Из их беседы нетрудно было выяснить, что все они — экипаж какого-то большого земснаряда, что, окончив свое дело на канале, они вместе отправляются на новую стройку, под Жигули, где им предстоит обновить небывало большое землеройное судно. Это явно льстило их самолюбию. Но, как всегда в таких случаях, всеми своими мыслями молодые механизаторы были еще там, откуда они только что уехали. Они вспоминали о канале тепло, с легкой грустью, точно ученики о родной школе в час расставания с ее стенами. И в разговоре их, оживленном легким хмелем, часто мелькало имя какого-то Федора Ивановича, который всем им, повидимому, был очень дорог и о котором они вспоминали теперь с особым вкусом.
— Вот бы Федору Ивановичу с нами на Жигули!
— Ну, скажешь!
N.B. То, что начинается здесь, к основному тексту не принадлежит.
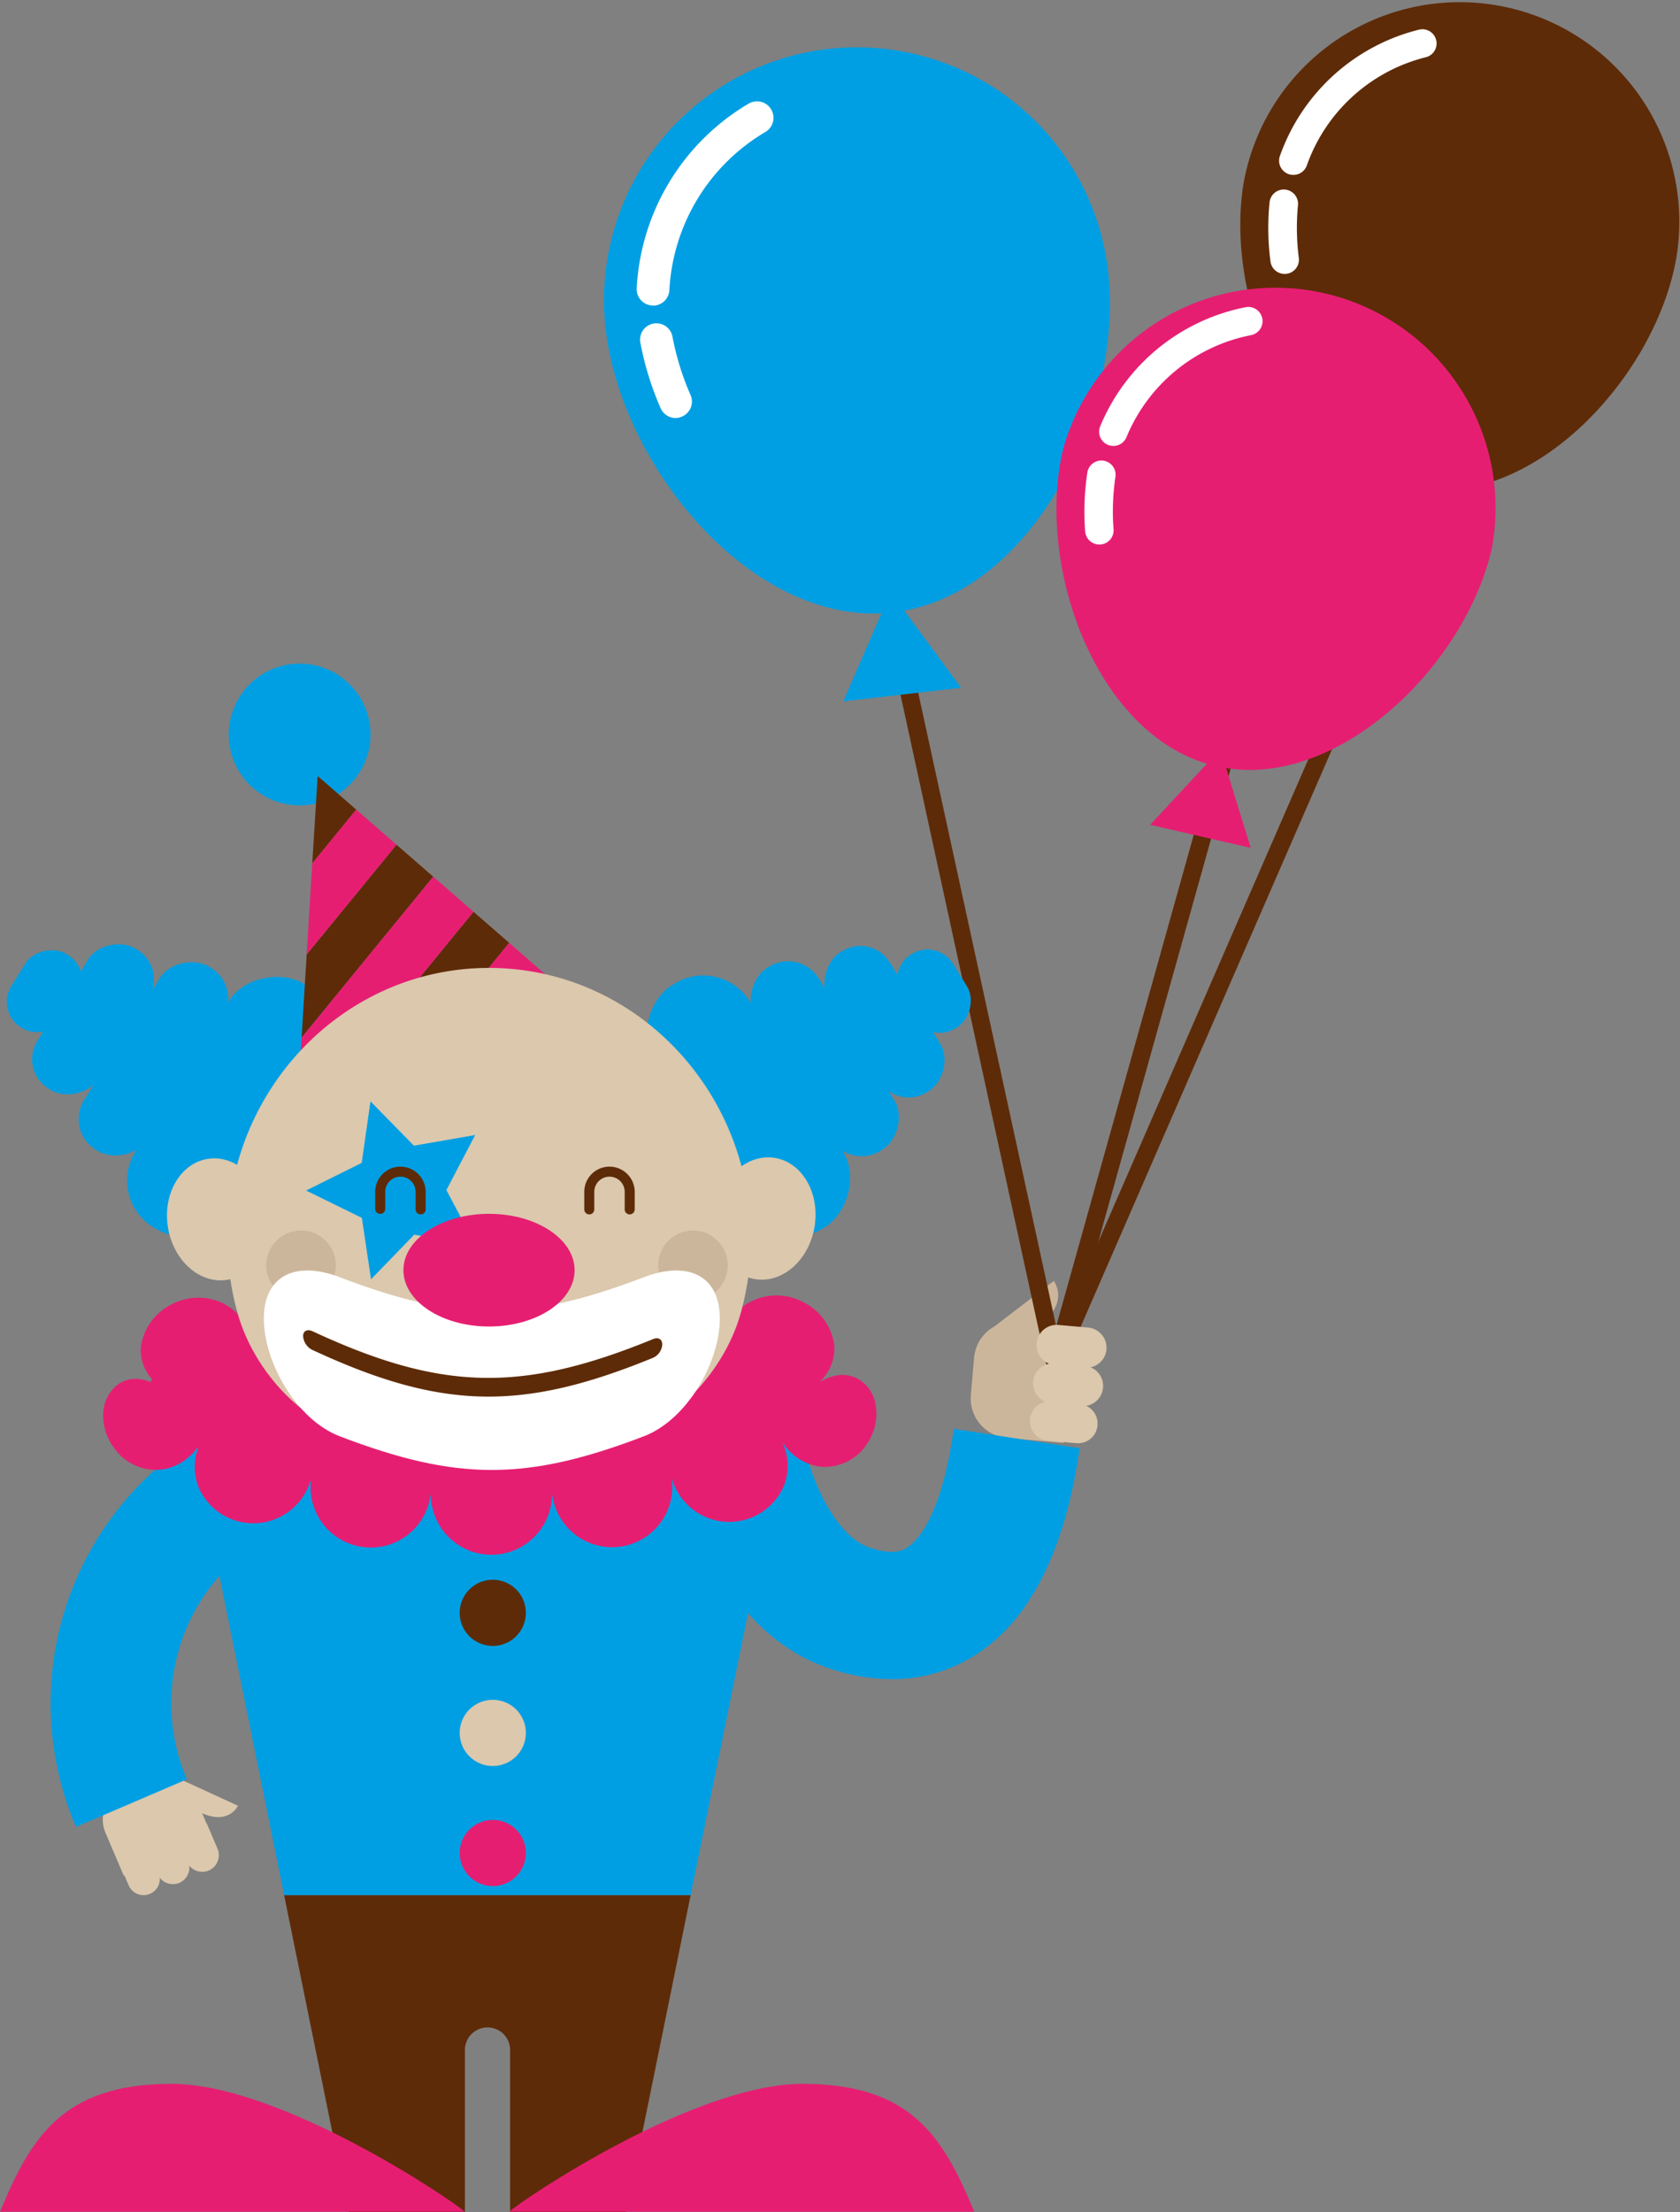 <svg xmlns="http://www.w3.org/2000/svg" viewBox="0 0 236.5 311.33"><rect x="0" y="0" width="236.5" height="311.33" fill="#808080" stroke="none"/><defs><style>.cls-1{fill:#ccb69b;}.cls-2{fill:#5e2b08;}.cls-3{fill:#dbc8ad;}.cls-4{fill:#009fe3;}.cls-5{fill:#fff;}.cls-6{fill:#e61e72;}</style></defs><g id="Laag_2" data-name="Laag 2"><g id="Laag_1-2" data-name="Laag 1"><path class="cls-1" d="M146.56,186.29c4-3.07,1.79-6,1.79-6L140,186.68a5.57,5.57,0,0,0-2.87,4.41l-.46,5.24a5.59,5.59,0,0,0,5.09,6.06l7.95.7,1.44-16.4Z"/><polygon class="cls-2" points="148.13 195.93 125.09 90.08 127.53 89.55 148.93 187.82 202.5 64.78 204.79 65.78 148.13 195.93"/><rect class="cls-2" x="115.53" y="147.13" width="90.33" height="2.5" transform="translate(-25.51 263.13) rotate(-74.36)"/><path class="cls-3" d="M145.93,189.06h0a2.84,2.84,0,0,1,3.07-2.58l4.17.37a2.85,2.85,0,0,1,2.59,3.07h0a2.84,2.84,0,0,1-3.08,2.58l-4.17-.36A2.84,2.84,0,0,1,145.93,189.06Z"/><path class="cls-3" d="M145.45,194.46h0a2.86,2.86,0,0,1,3.08-2.59l4.17.37a2.84,2.84,0,0,1,2.58,3.08h0a2.85,2.85,0,0,1-3.07,2.58l-4.18-.37A2.85,2.85,0,0,1,145.45,194.46Z"/><path class="cls-3" d="M145,199.76h0a2.75,2.75,0,0,1,3-2.5l4,.36a2.75,2.75,0,0,1,2.5,3h0a2.75,2.75,0,0,1-3,2.5l-4-.35A2.75,2.75,0,0,1,145,199.76Z"/><path class="cls-4" d="M156,38.2a35.6,35.6,0,1,0-70.74,8.12c2.18,19,19.88,40.89,38.83,40l-5.38,12.39,16.59-1.91-8-10.85C145.92,82.53,158.19,57.2,156,38.2Z"/><path class="cls-5" d="M92.2,43a2.54,2.54,0,0,1-.39,0,2.31,2.31,0,0,1-2.18-2.42,32.12,32.12,0,0,1,15.77-26,2.3,2.3,0,1,1,2.34,4A27.53,27.53,0,0,0,94.23,40.85,2.3,2.3,0,0,1,92.2,43Z"/><path class="cls-5" d="M95.37,58.82A2.3,2.3,0,0,1,93,57.45a42.36,42.36,0,0,1-2.84-9.15,2.3,2.3,0,1,1,4.52-.84,38.21,38.21,0,0,0,2.54,8.16,2.29,2.29,0,0,1-1.19,3A2.32,2.32,0,0,1,95.37,58.82Z"/><path class="cls-2" d="M236,36.19a30.91,30.91,0,0,0-60.91-10.55C172.3,42,181.68,64.57,197.68,68.47l-7.51,9,14.28,2.47-4-11C216.79,70.65,233.21,52.55,236,36.19Z"/><path class="cls-5" d="M181.71,24.58a1.16,1.16,0,0,1-.32-.08A2,2,0,0,1,180.16,22a27.89,27.89,0,0,1,19.5-17.8,2,2,0,1,1,1,3.87,23.92,23.92,0,0,0-16.71,15.26A2,2,0,0,1,181.71,24.58Z"/><path class="cls-5" d="M180.49,38.52a2,2,0,0,1-1.64-1.72,36.38,36.38,0,0,1-.13-8.32,2,2,0,1,1,4,.41,33.1,33.1,0,0,0,.12,7.42,2,2,0,0,1-1.74,2.23A1.87,1.87,0,0,1,180.49,38.52Z"/><path class="cls-6" d="M210,77.24c-3.82,16.68-22.11,34.42-38.78,30.6s-25.43-27.75-21.61-44.43A31,31,0,0,1,210,77.24Z"/><path class="cls-5" d="M156.28,62.71a2.33,2.33,0,0,1-.32-.1A2,2,0,0,1,154.88,60a28,28,0,0,1,20.46-16.76,2,2,0,1,1,.78,3.93,23.92,23.92,0,0,0-17.54,14.36A2,2,0,0,1,156.28,62.71Z"/><path class="cls-5" d="M154.31,76.59a2,2,0,0,1-1.55-1.81,36.83,36.83,0,0,1,.32-8.33,2,2,0,0,1,3.95.62,33,33,0,0,0-.27,7.43,2,2,0,0,1-1.86,2.14A1.94,1.94,0,0,1,154.31,76.59Z"/><polygon class="cls-6" points="161.91 116.09 171.79 105.45 176.07 119.33 161.91 116.09"/><path class="cls-3" d="M25.4,250.43l8.1,3.72s-1.28,2.8-5.17,1c-.81-.38-3.12-.93-3.69-2.33Z"/><path class="cls-3" d="M14.68,250.55h13.6a0,0,0,0,1,0,0v6.59a4.63,4.63,0,0,1-4.63,4.63H19.31a4.63,4.63,0,0,1-4.63-4.63v-6.59a0,0,0,0,1,0,0Z" transform="translate(141.58 483.45) rotate(156.94)"/><path class="cls-3" d="M26.18,255.78h0A2.36,2.36,0,0,1,29.26,257l1.36,3.19a2.36,2.36,0,0,1-1.24,3.08h0a2.37,2.37,0,0,1-3.08-1.24l-1.36-3.19A2.37,2.37,0,0,1,26.18,255.78Z"/><path class="cls-3" d="M22.07,257.54h0a2.35,2.35,0,0,1,3.08,1.24L26.5,262A2.35,2.35,0,0,1,25.26,265h0a2.35,2.35,0,0,1-3.08-1.24l-1.35-3.19A2.34,2.34,0,0,1,22.07,257.54Z"/><path class="cls-3" d="M18,259.26h0a2.28,2.28,0,0,1,3,1.2l1.31,3.09a2.28,2.28,0,0,1-1.2,3h0a2.28,2.28,0,0,1-3-1.2l-1.31-3.09A2.28,2.28,0,0,1,18,259.26Z"/><path class="cls-4" d="M10.7,257.13a44.1,44.1,0,0,1,18.2-55.42l8.6,14.64a27.1,27.1,0,0,0-11.19,34.08Z"/><path class="cls-4" d="M125.53,236.33a27.59,27.59,0,0,1-8.78-1.51c-15.72-5.24-21.49-24.9-21.81-33.59l17.9-.67c.19,5,4,15.39,9.58,17.26,3.42,1.14,4.71.35,5.19.05,1.39-.85,4.8-4.13,6.58-16.21l.09-.56,17.7,2.73-.06.44c-2.12,14.37-7.14,24.08-14.92,28.86A21.63,21.63,0,0,1,125.53,236.33Z"/><path class="cls-4" d="M108.39,211.89a16.67,16.67,0,0,0-16.55-18.72H45.43a16.66,16.66,0,0,0-16.55,18.72L40,266.75H97.22Z"/><path class="cls-6" d="M68.87,183.75a8.52,8.52,0,1,0-17,1s4.21-.54,8.47-.78S68.87,183.75,68.87,183.75Z"/><path class="cls-6" d="M51.87,184.79a8.48,8.48,0,0,0-15.67-3.13,8.24,8.24,0,0,0-.71,6.61s1-.32,2.47-.75,3.53-.92,5.58-1.35C47.66,185.31,51.87,184.79,51.87,184.79Z"/><path class="cls-6" d="M35.49,188.27a8.21,8.21,0,0,0-4.44-5,8.12,8.12,0,0,0-7,.37,7.84,7.84,0,0,0-4.22,6,6.06,6.06,0,0,0,3.14,5.7,6.31,6.31,0,0,1,1.14-1.33,19.79,19.79,0,0,1,4-2.76A45.61,45.61,0,0,1,35.49,188.27Z"/><path class="cls-6" d="M22.92,195.41c-2-1.29-4.36-2-6.44-.47a5.36,5.36,0,0,0-1.94,3.88A7.45,7.45,0,0,0,16,203.71a7.22,7.22,0,0,0,7.1,3.08,7.62,7.62,0,0,0,5.27-4s-.87-.44-2-1.18a12.85,12.85,0,0,1-3.3-2.9,2.48,2.48,0,0,1-.61-2.17A3.26,3.26,0,0,1,22.92,195.41Z"/><path class="cls-6" d="M28.35,202.76a7.82,7.82,0,0,0-.37,6.62,8.39,8.39,0,0,0,15.87-1.55,82.67,82.67,0,0,1-8.07-2.06,50.45,50.45,0,0,1-5.22-2C29.19,203.22,28.35,202.76,28.35,202.76Z"/><path class="cls-6" d="M43.85,207.83A8.48,8.48,0,1,0,60.65,210s-4.25-.23-8.47-.76S43.85,207.83,43.85,207.83Z"/><path class="cls-6" d="M60.65,210a8.53,8.53,0,1,0,17.05,0s-4.25.27-8.52.28S60.65,210,60.65,210Z"/><path class="cls-6" d="M77.7,209.91a8.48,8.48,0,1,0,16.79-2.2s-4.11.87-8.33,1.4S77.7,209.91,77.7,209.91Z"/><path class="cls-6" d="M94.49,207.71a8.38,8.38,0,0,0,15.87,1.4,7.74,7.74,0,0,0-.48-6.61s-.83.46-2.17,1.09a52,52,0,0,1-5.18,2A77.24,77.24,0,0,1,94.49,207.71Z"/><path class="cls-6" d="M109.88,202.5a7.51,7.51,0,0,0,5.34,3.9,7.08,7.08,0,0,0,7-3.46,7.48,7.48,0,0,0,1.06-5.13,5.15,5.15,0,0,0-2.33-3.64c-2.22-1.31-4.53-.48-6.4.94a5.25,5.25,0,0,1,.67,1.19,2.21,2.21,0,0,1-.35,2.08,11.24,11.24,0,0,1-3.06,2.91A22.54,22.54,0,0,1,109.88,202.5Z"/><path class="cls-6" d="M114.6,195.11a6.37,6.37,0,0,0,2.83-5.88,7.92,7.92,0,0,0-4.26-5.91,8,8,0,0,0-11.48,4.58s1,.3,2.41.85a42.78,42.78,0,0,1,5,2.22,22,22,0,0,1,4.17,2.77A9.25,9.25,0,0,1,114.6,195.11Z"/><path class="cls-6" d="M101.69,187.9a8.28,8.28,0,0,0-.68-6.61,8.49,8.49,0,0,0-15.7,3s4.22.54,8.32,1.43S101.69,187.9,101.69,187.9Z"/><path class="cls-6" d="M85.31,184.33a8.51,8.51,0,1,0-17-1.09s4.27,0,8.51.28S85.31,184.33,85.31,184.33Z"/><ellipse class="cls-6" cx="68.35" cy="196.23" rx="47.5" ry="14.36"/><rect class="cls-4" x="12.23" y="147.75" width="40.28" height="15.89" rx="7.69" transform="translate(181.71 210.35) rotate(121.84)"/><rect class="cls-4" x="6.46" y="143.78" width="30.3" height="10.47" rx="5.06" transform="translate(159.59 209.28) rotate(121.84)"/><rect class="cls-4" x="1.62" y="138.76" width="23.17" height="10.08" rx="4.87" transform="matrix(-0.53, 0.85, -0.85, -0.53, 142.33, 208.45)"/><rect class="cls-4" x="0.21" y="135.15" width="12.14" height="8.69" rx="4.2" transform="translate(128.08 207.76) rotate(121.84)"/><circle class="cls-4" cx="42.18" cy="103.38" r="9.98"/><polygon class="cls-2" points="66.66 128.33 49.85 148.86 62.94 143.38 71.68 132.7 66.66 128.33"/><polygon class="cls-2" points="44.72 109.22 43.96 121.51 50.15 113.95 44.72 109.22"/><polygon class="cls-2" points="55.82 118.89 43.17 134.34 42.46 146.04 60.99 123.39 55.82 118.89"/><polygon class="cls-6" points="50.15 113.95 43.96 121.51 43.17 134.34 55.82 118.89 50.15 113.95"/><polygon class="cls-6" points="60.99 123.39 42.46 146.04 42.08 152.11 49.85 148.86 66.66 128.33 60.99 123.39"/><polygon class="cls-6" points="71.68 132.7 62.94 143.38 77.12 137.45 71.68 132.7"/><rect class="cls-4" x="85.22" y="147.75" width="40.28" height="15.89" rx="7.69" transform="translate(182.04 -15.95) rotate(58.16)"/><rect class="cls-4" x="100.97" y="143.78" width="30.3" height="10.47" rx="5.06" transform="translate(181.44 -28.25) rotate(58.16)"/><rect class="cls-4" x="112.94" y="138.76" width="23.17" height="10.08" rx="4.87" transform="translate(180.98 -37.85) rotate(58.16)"/><rect class="cls-4" x="125.39" y="135.15" width="12.14" height="8.69" rx="4.2" transform="translate(180.59 -45.77) rotate(58.16)"/><ellipse class="cls-3" cx="107.12" cy="171.62" rx="8.62" ry="7.05" transform="matrix(0.16, -0.99, 0.99, 0.16, -79.35, 250.09)"/><ellipse class="cls-3" cx="30.61" cy="171.62" rx="7.05" ry="8.62" transform="translate(-26.91 7.05) rotate(-9.15)"/><path class="cls-3" d="M105.71,174.28c0-21-16.5-38.05-36.87-38.05S32,153.26,32,174.28a39,39,0,0,0,1.43,10.49c2.61,9.36,11.42,18.09,21.13,18.09H83.16c9.71,0,18.51-8.73,21.13-18.09A39,39,0,0,0,105.71,174.28Z"/><circle class="cls-1" cx="97.55" cy="178.09" r="4.9"/><circle class="cls-1" cx="42.38" cy="178.09" r="4.9"/><polygon class="cls-4" points="52.15 155.01 58.27 161.25 66.89 159.75 62.84 167.5 66.93 175.23 58.31 173.78 52.23 180.05 50.94 171.41 43.09 167.56 50.92 163.67 52.15 155.01"/><path class="cls-2" d="M56.37,164.2a3.55,3.55,0,0,1,3.55,3.55v2.47a.7.7,0,0,1-.7.7.7.7,0,0,1-.71-.7v-2.47a2.14,2.14,0,1,0-4.28,0v2.47a.71.71,0,0,1-1.41,0v-2.47A3.55,3.55,0,0,1,56.37,164.2Z"/><path class="cls-2" d="M85.8,164.2a3.55,3.55,0,0,1,3.55,3.55v2.47a.7.7,0,0,1-.7.7.7.7,0,0,1-.71-.7v-2.47a2.14,2.14,0,1,0-4.28,0v2.47a.7.7,0,0,1-.7.7.7.7,0,0,1-.71-.7v-2.47A3.55,3.55,0,0,1,85.8,164.2Z"/><path class="cls-5" d="M90.64,202.15c-16.53,6.32-26.29,6.32-42.82,0-6.08-2.33-10.68-10.41-10.68-16.56h0c0-6.16,4.6-8.16,10.68-5.83,16.53,6.33,26.29,6.33,42.82,0,6.09-2.33,10.69-.33,10.69,5.83h0C101.33,191.74,96.73,199.82,90.64,202.15Z"/><path class="cls-2" d="M91.94,191.1c-18.48,7.57-29.79,7.35-48-1.12a2.36,2.36,0,0,1-1.27-1.93h0c0-.72.57-1,1.27-.71,18.19,8.47,29.5,8.7,48,1.13.71-.3,1.29,0,1.29.77h0A2.22,2.22,0,0,1,91.94,191.1Z"/><ellipse class="cls-6" cx="68.84" cy="178.77" rx="12.05" ry="7.93"/><path class="cls-2" d="M97.22,266.75H40l9.07,44.57H65.45V288.53a3.18,3.18,0,0,1,6.36,0v22.79H88.15Z"/><path class="cls-6" d="M24.15,293.29c-15.37,0-19.82,7.59-24.15,18H65.42C63.75,309.73,39.52,293.29,24.15,293.29Z"/><path class="cls-6" d="M113,293.29c15.37,0,19.82,7.59,24.15,18H71.69C73.36,309.73,97.58,293.29,113,293.29Z"/><circle class="cls-2" cx="69.37" cy="227" r="4.66"/><circle class="cls-3" cx="69.37" cy="243.9" r="4.66"/><circle class="cls-6" cx="69.37" cy="260.8" r="4.66"/></g></g></svg>

Разве такого человека до сдачи трассы отпустят!
— А как провожал-то он нас, ребята!..
Попав на стройку, я узнал, что Федор Иванович — инженер, начальник одного из строительных районов, как раз того самого, откуда только что выехал под Куйбышев встретившийся нам молодежный экипаж. И сразу бросилось в глаза, что все, с кем нам ни довелось говорить, принимались рассказывать о нем самые приятные вещи. И хозяйственник-то он расчетливый и рачительный, и инженер смелый, ищущий, вечно не удовлетворенный собой, и коммунист твердый, вдумчивый, прирожденный вожак, и человек бесстрашный, самоотверженный, трудоспособности необычайной.
Много интересных историй услышали мы о Федоре Ивановиче, и образ передового советского строителя как-то уже сам собой сложился в сознании. Но самого инженера в это время на стройке не было. С делегацией новаторов своего района он уехал к соседям, где почему-то затормозилось дело.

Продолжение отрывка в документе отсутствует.